Whenever one of those “co-generation” customers wanted to connect their power sources to our grid, we needed to make sure that their waveform was in exact sync with ours – otherwise the power wouldn’t flow. So, we installed devices on our system to ensure that would happen. I know – it doesn’t sound like much now but, believe me, it was exciting to me at the time!
So, what does any of this have to do with the question at hand?
Well… businesses have a lot of moving parts. And those parts have a lot of interconnection points. But if the strategies for all those moving parts aren’t in sync, then the power generated by those strategies won’t be able to flow back into the business. And then the business will fail.
And that, my friends, is the sound of my career coming full circle!

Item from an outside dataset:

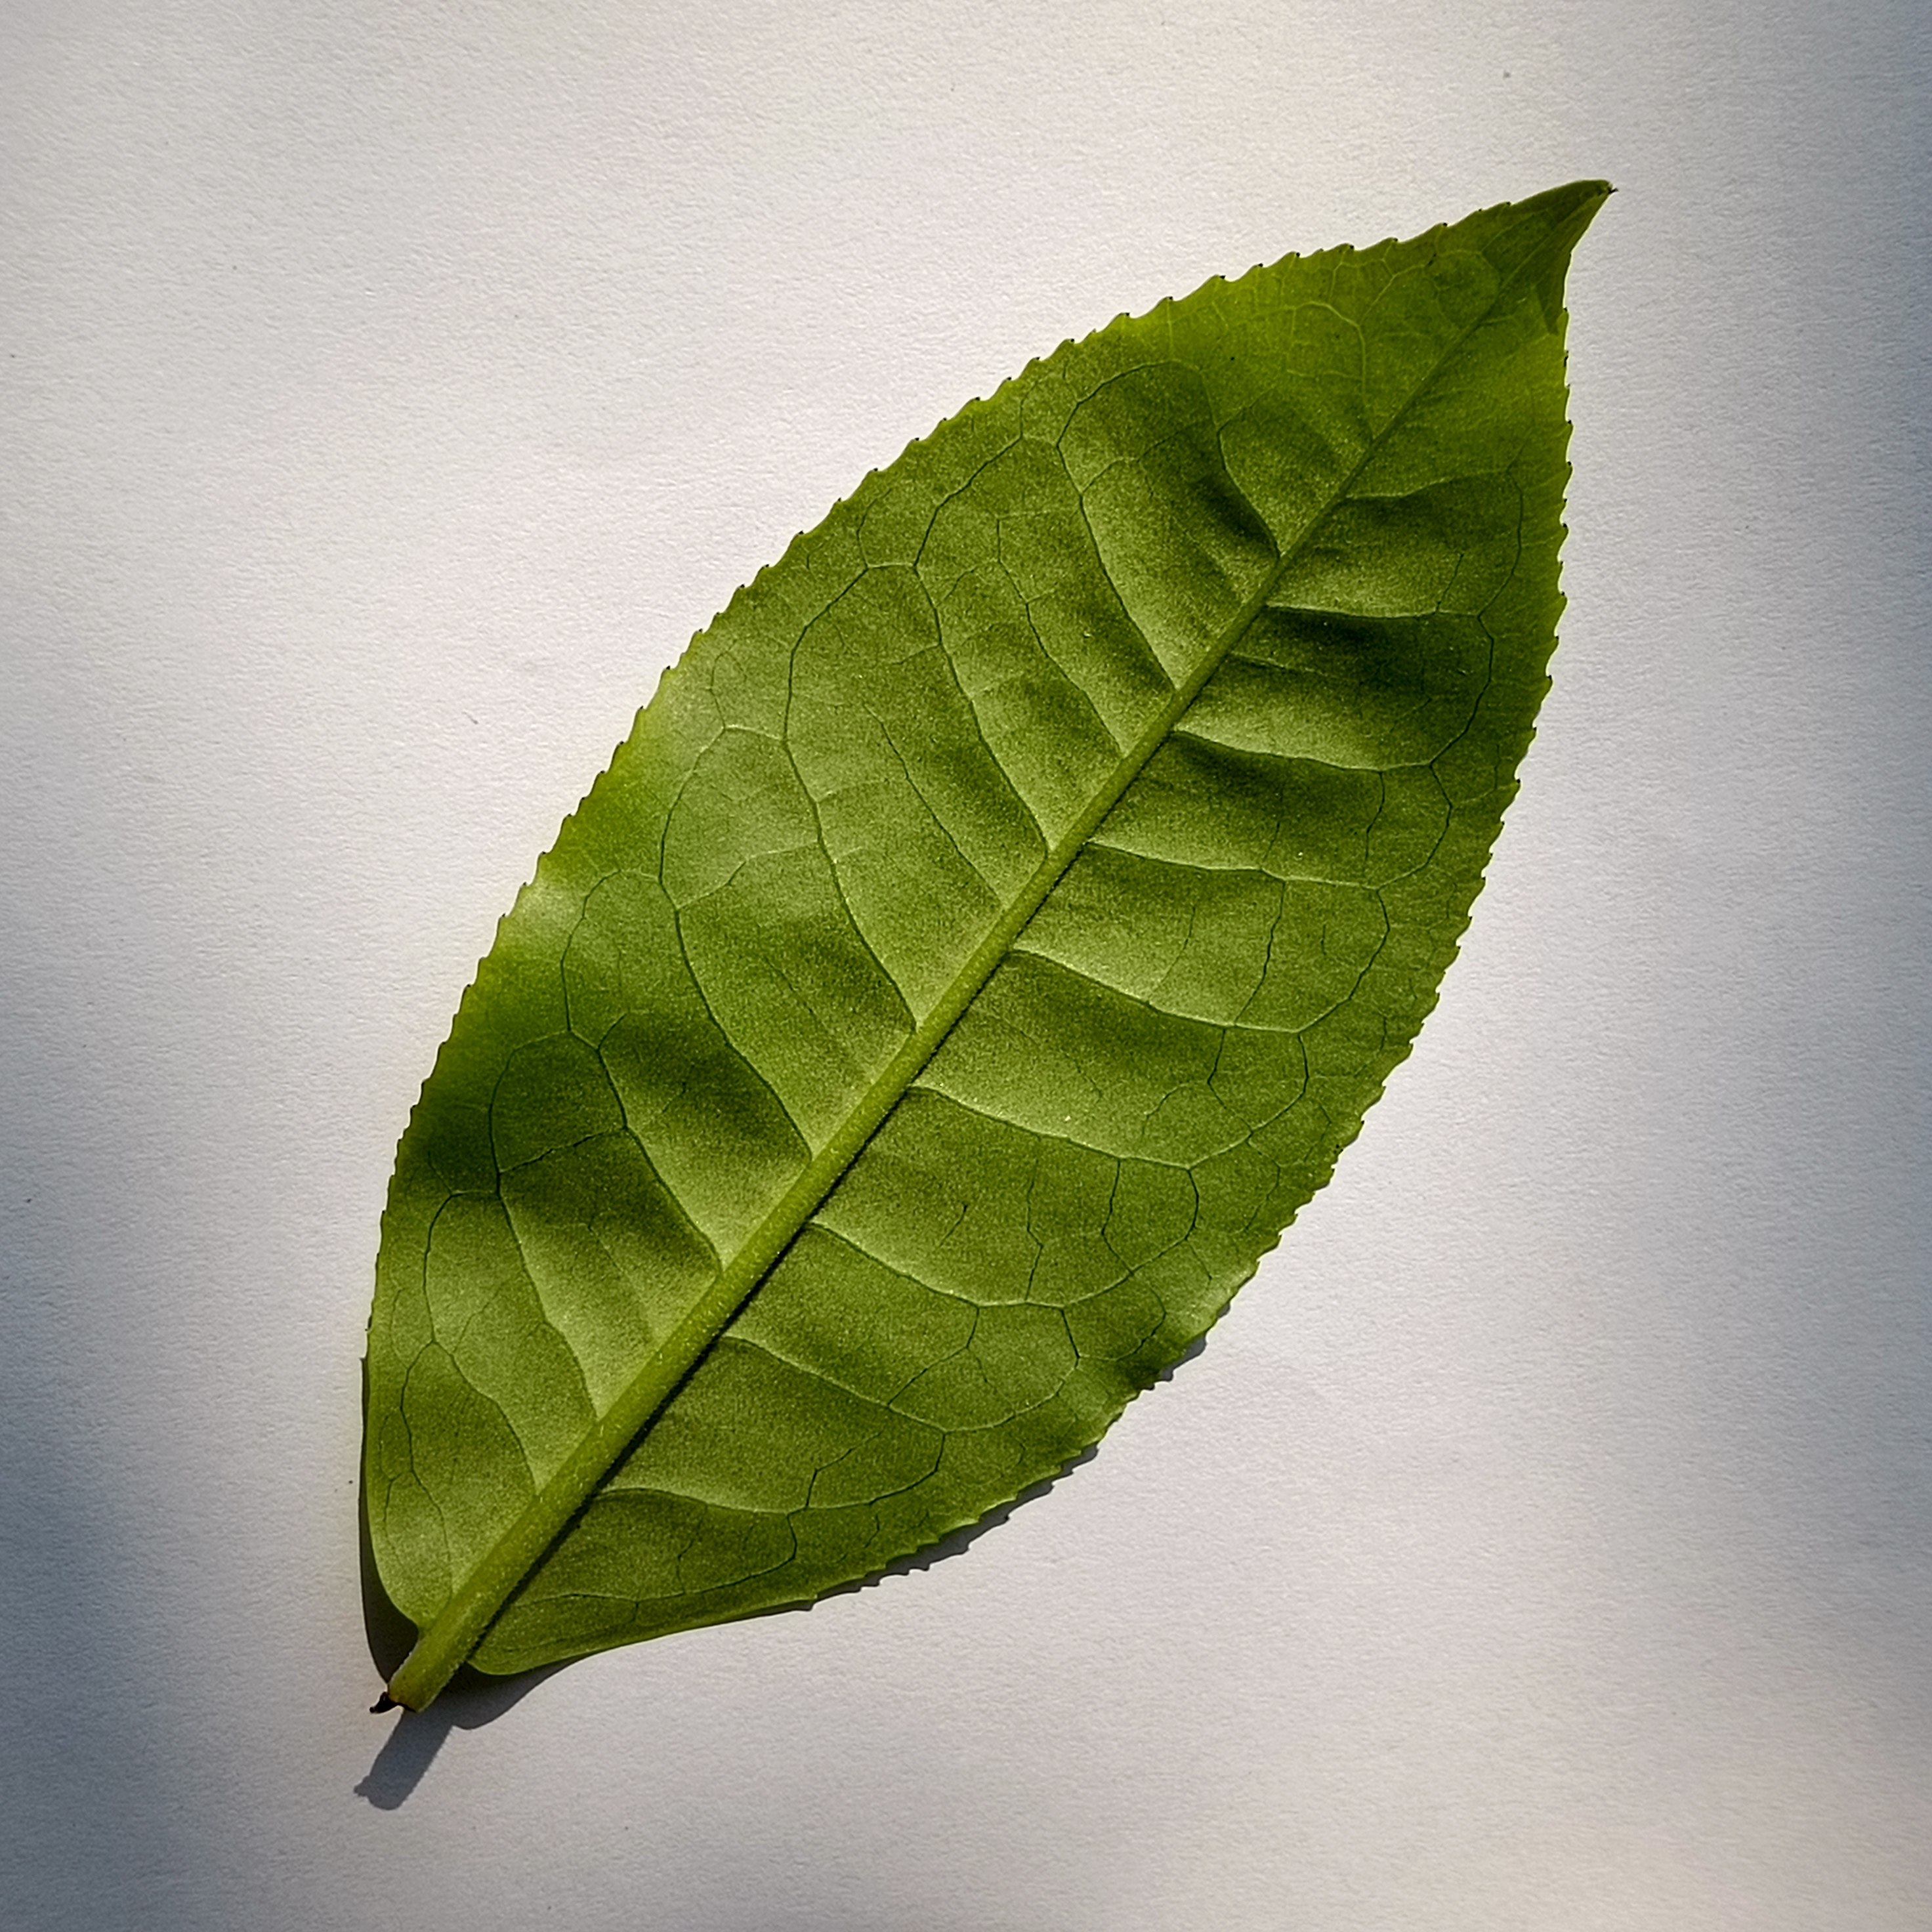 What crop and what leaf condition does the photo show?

tea, healthy
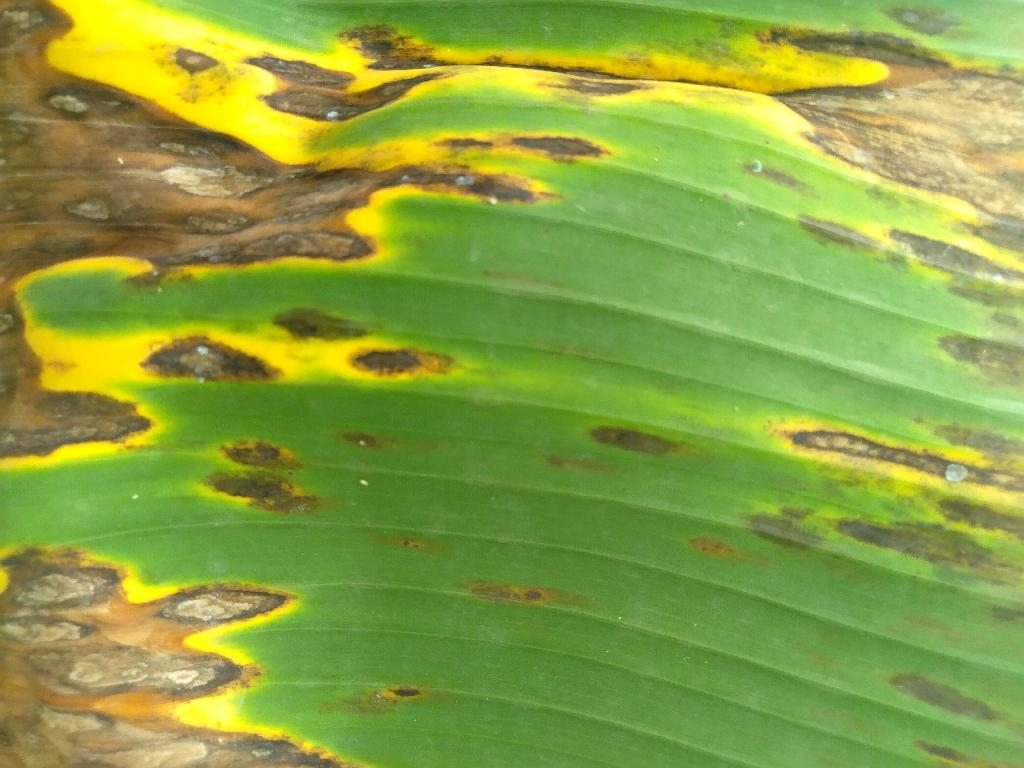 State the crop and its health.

banana, black sigatoka

The easiest example of this scenario playing out inside a company can be seen at the interface between global and regional teams. Most large companies have global product management functions and regional product management functions. Needless to say, the global product strategies need to tie into all the regional product strategies, and vice versa. Each individual strategy needs to stand on its own. However, at the connection points, these strategies all need to be in sync, lest you run the risk of confusing the marketplace, diluting your brand, overburdening your resources, or just plain old missing your overall goals.
So how, exactly, do we do that?
If the “levels” that are being asked about in this question are referring to corporate versus product functions, then have a look at the following posts that go into a lot more depth on this subject:
On the other hand, if the “levels” we’re talking about are referring to cross-functional interactions – such as the global versus regional ones that I referenced above – then the answer is actually a little bit more straightforward.
If you are in charge of a global business, you need to spend time in the regions that make up that business. End of story.
I can’t tell you how many times I’ve laid witness to the following:
- Global product managers create global strategies
- Regional product managers create regional strategies
- Said teams visit each other maybe once a year
Seeing it written out like that, it certainly seems like a recipe for disaster. But, believe it or not, this recipe seems to be more the norm than the exception.
Global product managers need to be wherever their customers are. They need to understand their markets, they need to relate to the different cultures and dynamics that make up those markets, and they need to align with the internal teams that have been tasked with serving those markets. You can’t do that from a desk, you can’t do that via teleconference, and you certainly can’t do that by staying at home.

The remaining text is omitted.